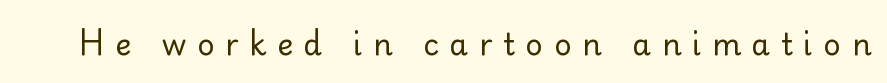
The image shows 30 px regular-weight serif type, upright; set unusually wide letter spacing (+0.36 em), not underlined; low stroke contrast and a small x-height.
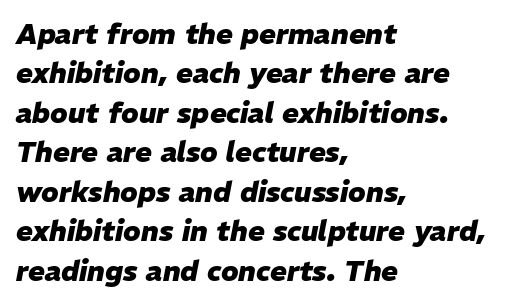
{"italic": "yes", "lean": "right", "slant_degrees": 11, "bold": "yes", "weight": "heavy", "width": "normal", "stroke_contrast": "low", "x_height": "medium", "monospaced": "no", "underline": "no", "align": "left", "line_spacing": "normal", "line_spacing_ratio": 1.41, "letter_spacing": "normal", "letter_spacing_em": 0.0, "glyph_px": 28}
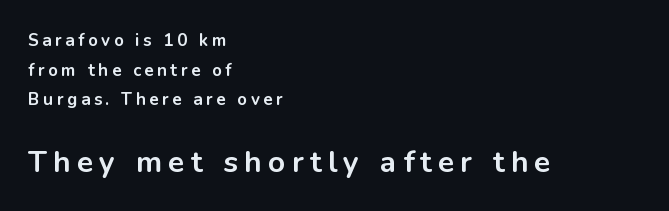
{"serif": "no", "italic": "no", "bold": "yes", "weight": "bold", "width": "normal", "stroke_contrast": "low", "x_height": "medium", "monospaced": "no", "underline": "no", "align": "left", "line_spacing_ratio": 1.74, "letter_spacing": "wide", "letter_spacing_em": 0.21, "larger_block": "second", "size_ratio": 1.76, "glyph_px": 30}
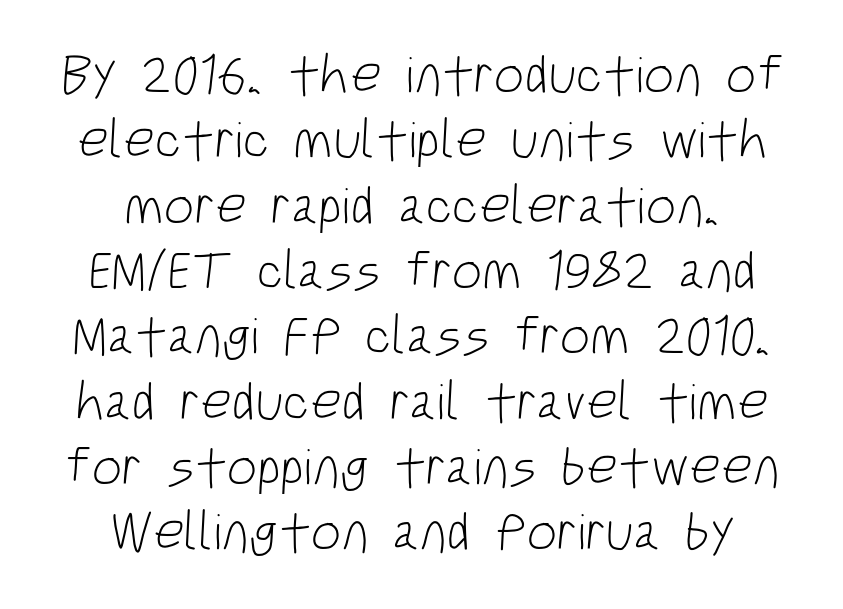
{"serif": "no", "bold": "no", "weight": "light", "width": "condensed", "stroke_contrast": "low", "x_height": "large", "monospaced": "no", "underline": "no", "align": "center", "line_spacing_ratio": 1.21, "letter_spacing": "normal", "letter_spacing_em": 0.0, "glyph_px": 54}
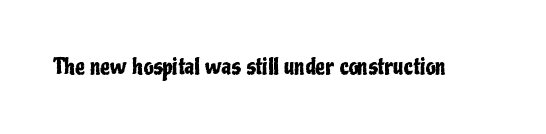
Tall strokes in this sample are plumb rather than angled. Short note: letters normally spaced. Lines of text with bare space underneath.
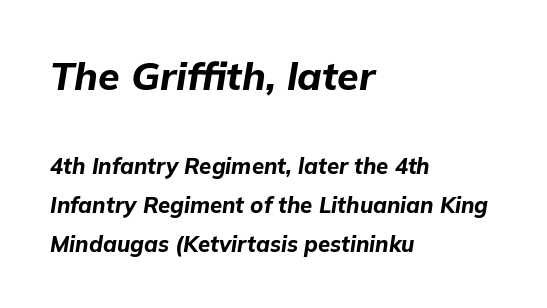
The image shows 39 px bold type, italic (leaning right); set left-aligned, line spacing 1.78x, normal letter spacing, not underlined; the first (top) block is 1.77x larger; low stroke contrast and a medium x-height.
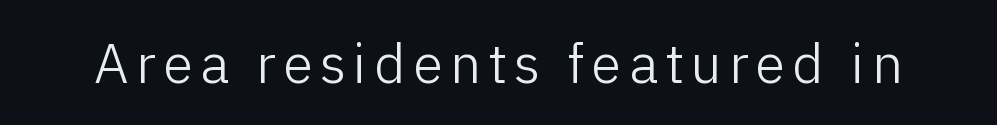
The image shows 55 px light sans-serif type, upright; set not underlined; low stroke contrast and a medium x-height.

DESCRIPTION OF THE TASK:
Pull every line containing the string "upright" out of the data above and copy it.

TASK OUTPUT:
The image shows 30 px regular-weight serif type, upright; set unusually wide letter spacing (+0.36 em), not underlined; low stroke contrast and a small x-height.
The image shows 55 px light sans-serif type, upright; set not underlined; low stroke contrast and a medium x-height.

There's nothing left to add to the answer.